A felicidade não está em algo que possamos ter ou fazer, a felicidade verdadeira está em conhecer a Deus e viver dependendo dEle minuto a minuto, momento após momento. 

Hebreus 11.6   Ora, sem fé é impossível agradar-lhe, porque é necessário que aquele que se aproxima de Deus creia que ele existe e que é galardoador dos que o buscam.

A bíblia deixa claro que a felicidade do homem e a glória de Deus  caminham juntas, existe em Deus uma felicidade para cada um de nós que supera qualquer uma deste mundo. 

Deus está pronto para encher cada um de nós com sua alegria, é necessária que peçamos a Ele mais e mais dessa alegria. Como diz Andrew Murray, o único modo de não termos sede é continuarmos sedentos.

"Fomos feitos para ver e saborear Deus- e saboreando-o, ser supremamente satisfeitos , e assim espalhar em todo mundo o valor da presença dele. Deixar de mostrar às pessoas o Deus que tudo satisfaz é não amá-los" John Piper (NJSVF, p. 29)

O prazer em Deus é o destino da nossa alma, Deus nos criou para sermos satisfeitos com nada menos que a sua própria presença dentro de cada um de nós. 

Se temos em Deus a maior alegria desta vida, a própria torna-se lucro (Fp. 1:20-21). Cristo é o nosso tesouro, é nossa recompensa, o nosso prazer. Ele deve ser uma satisfação tão profunda que quando a morte levar tudo que você ama, ela vai te dar mais de Cristo e você considera isto lucro.

Em Hebreus 11.26, fala que Moisés suportou as dores tendo em vista a recompensa que Jesus tinha para ele.
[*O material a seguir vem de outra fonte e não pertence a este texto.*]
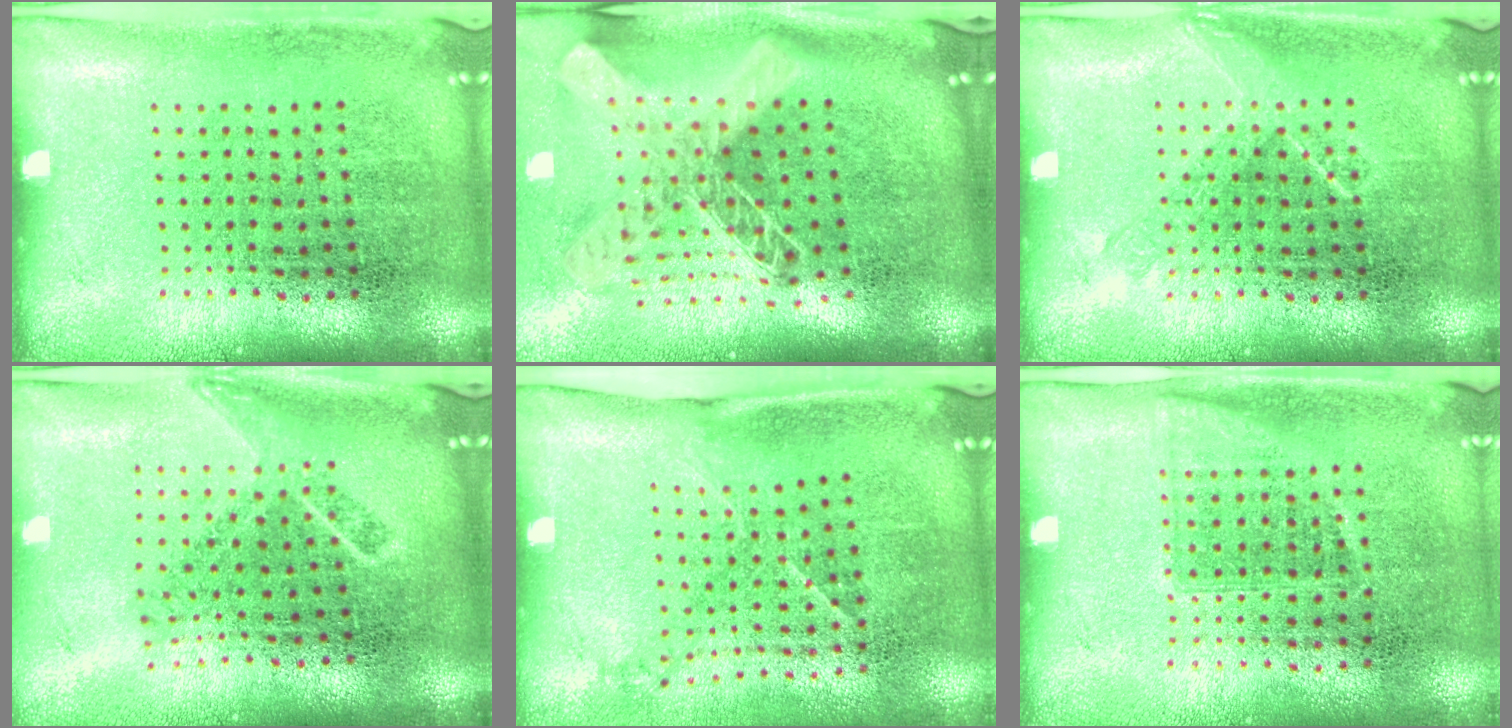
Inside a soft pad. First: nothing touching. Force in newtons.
{"total": 2.7, "press": 1.9, "slide": 1.9}
{"total": 1.9, "press": 1.8, "slide": 0.4}
{"total": 1.8, "press": 1.3, "slide": 1.2}
{"total": 1.5, "press": 1.0, "slide": 1.1}
{"total": 0.9, "press": 0.8, "slide": 0.5}
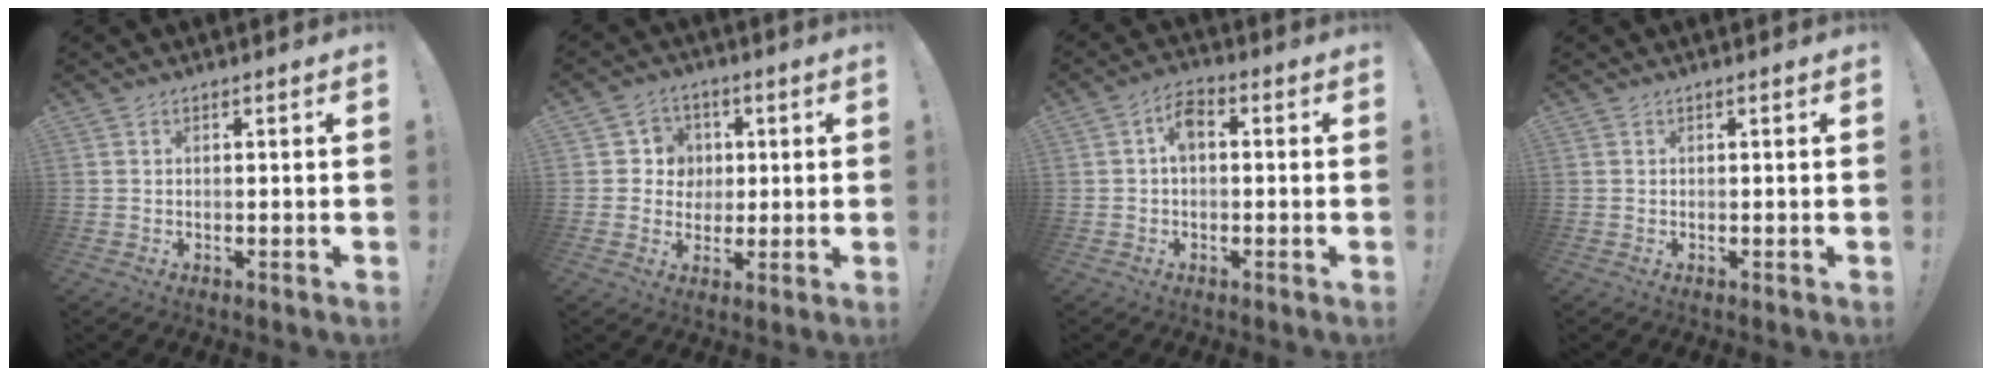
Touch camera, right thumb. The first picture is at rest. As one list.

Buscamos em Deus, uma recompensa maior que a que há no mundo.

"Não é possível agradar a Deus sem buscar gratificação nele. Portanto, a adoração que agrada a Deus é a busca prazerosa por Deus. Ele é a recompensa que supera a grandeza de tudo o mais" John Piper, PSD, p. 61

3. O que é impossível aos homens a Deus é possível.

Galatas 6.14   Mas longe esteja de mim gloriar-me, a não ser na cruz de nosso Senhor Jesus Cristo, pela qual o mundo está crucificado para mim e eu, para o mundo.


A cruz de nosso Senhor é a prova da maior alegria do cristão, Deus faz o que era impossível para nós possível. Deus revela a grandeza do seu amor para cada um de nós. Traz de novo a felicidade para o nosso coração, perdoa cada um de nós, afasta a sentença de morte e nos coloca  de novo junto a Deus.

Na cruz, Deus nos dá o melhor de todos os presentes: Ele mesmo.

E pela fé, nós estamos lá com Jesus, deixamos toda a tristeza do pecado e recebemos uma nova vida de glória. 

A paixão pela glória de Deus é a única coisa que transforma a nossa vida. A felicidade do mundo está dependente dos nossos recursos e circunstâncias, sempre há falta de algo. A felicidade que está na glória de Deus não tem falta de nada, todas as coisas cooperam para o nosso bem.

O objetivo não é chegarmos para Deus com a nossa lista de qualidades e feitos para herdarmos a vida eterna, mas  a nossa vida é deleitar-se no nosso Deus glorificando a Ele com a nossa vida. Buscando em Deus a provisão para a nossa felicidade, a nossa alegria e a nossa satisfação.


Aquilo que é impossível para nós, para Deus é possível! Ele tem mais e mais para nos dar!